The result is not just clean data. It is data that the organisation can trust, and that AI models can rely on.
The Compounding Effect: Trusted Data Unlocks Everything Else
This is where the investment in data quality pays off many times over. Once The Foundry has established a trusted data layer, every other capability on the Datafabric platform benefits:
- Compass (analytics and reports) draws from the same trusted source, so dashboards and board packs reflect reality rather than a best guess.
- CoPilot (enterprise AI) can answer questions like “What were our net flows by platform last quarter?” with confidence, because it is querying verified data rather than a patchwork of spreadsheets.
- OpsFlow (operations and compliance) can automate workflows knowing that the underlying data has been quality-checked and is audit-ready.
Without the data layer, each of these capabilities would require its own data pipeline, its own reconciliation process, and its own workarounds. With it, they share a single source of truth.

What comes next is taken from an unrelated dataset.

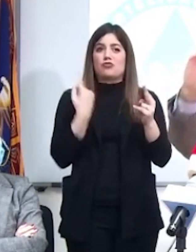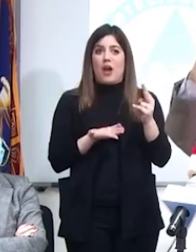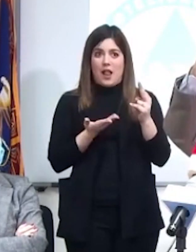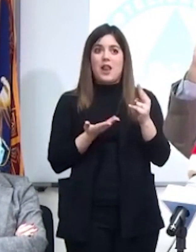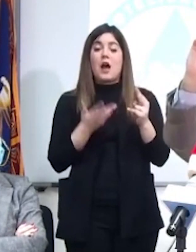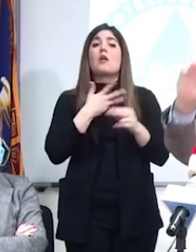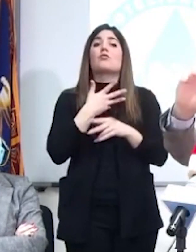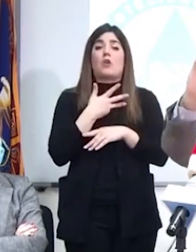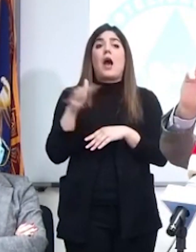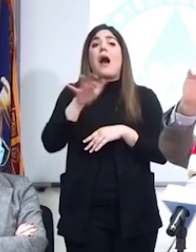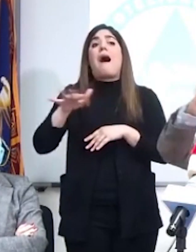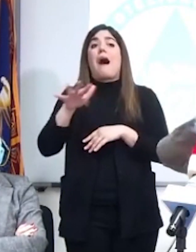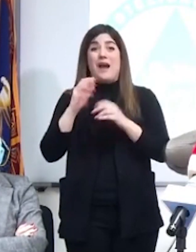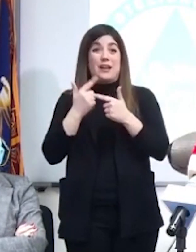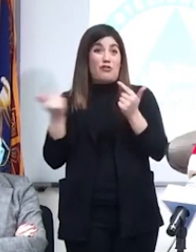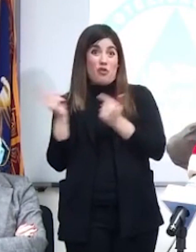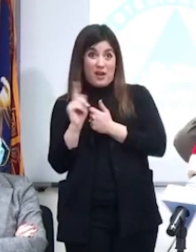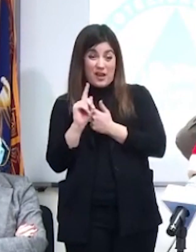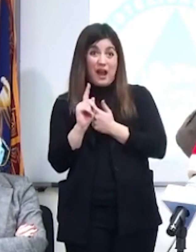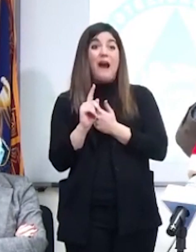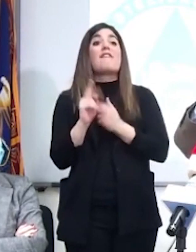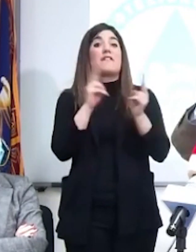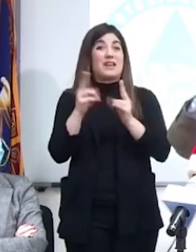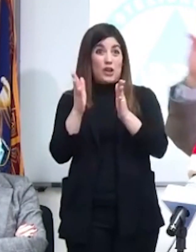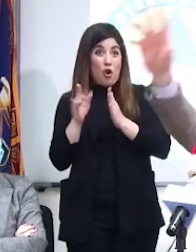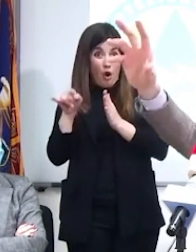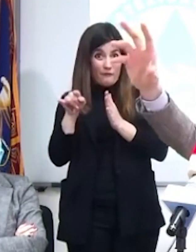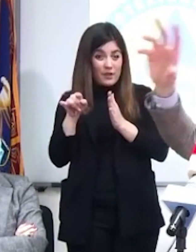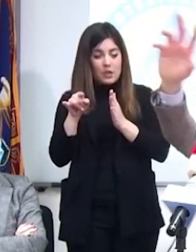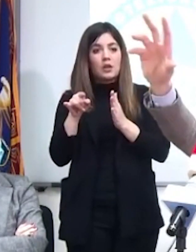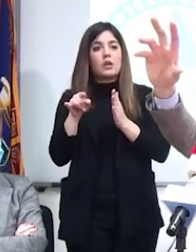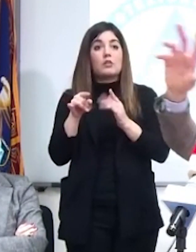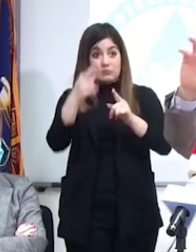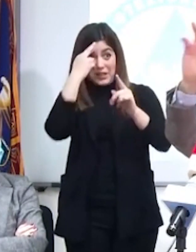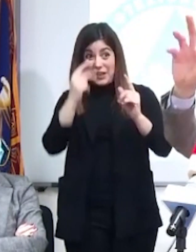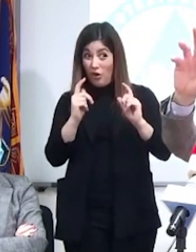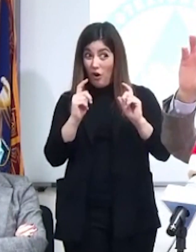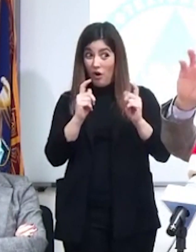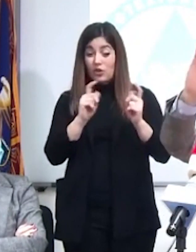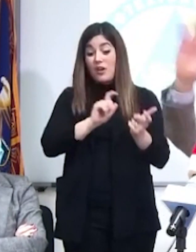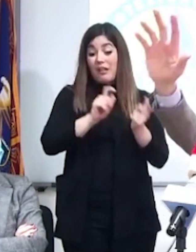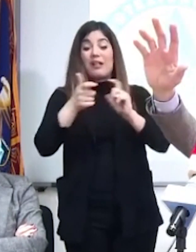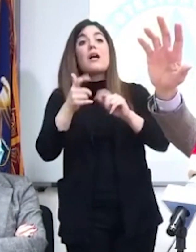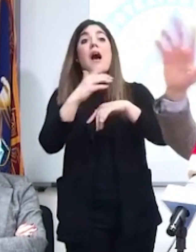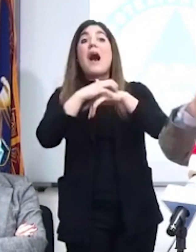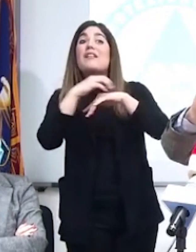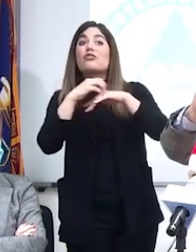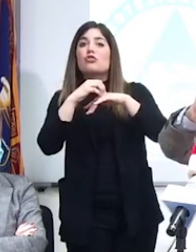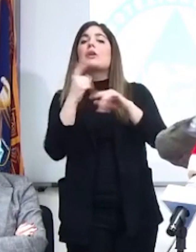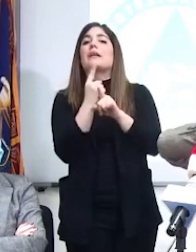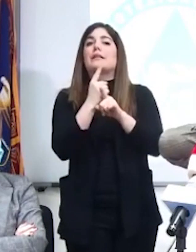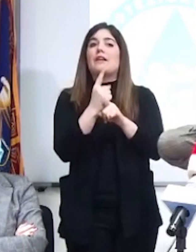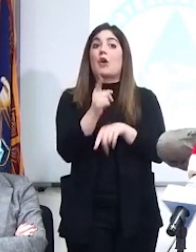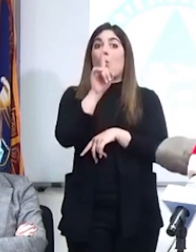critica dichiaratamente sotto il parametro. Vi ricordo che l'area con T per passare alla zona arancione bisogna superare l'1, noi siamo a 0

What This Looks Like in Practice
One of our clients, a specialist asset manager, came to us with data spread across multiple systems. Their team was manually reconciling platform flow data, pulling reports from different sources and cross-checking them in Excel.
We deployed The Foundry and connected 27 integrations. Each data source is processed within an hour of ingestion. The first quality assessment uncovered significant gaps:
- Adviser count accuracy improved from 74% to 95% across approximately 750 adviser records
- Funds under management accuracy improved from 69% to 94%
- Completeness gaps and data lags that nobody had previously flagged
That is the real return on data quality: not a dashboard, but trusted data you can actually act on.
Getting Started: It Is Faster Than You Think
The most common objection I hear is “we know our data is a mess, but fixing it will take forever.” It doesn’t have to. The Foundry delivers a baseline data layer in weeks, not months. Our implementation model, what we call Service as Software, means Datafabric handles the integration, configuration, and ongoing operation. Your team doesn’t need to hire a data engineer or manage a pipeline.
If you’re evaluating AI for your asset management business, start with the data. Everything else follows.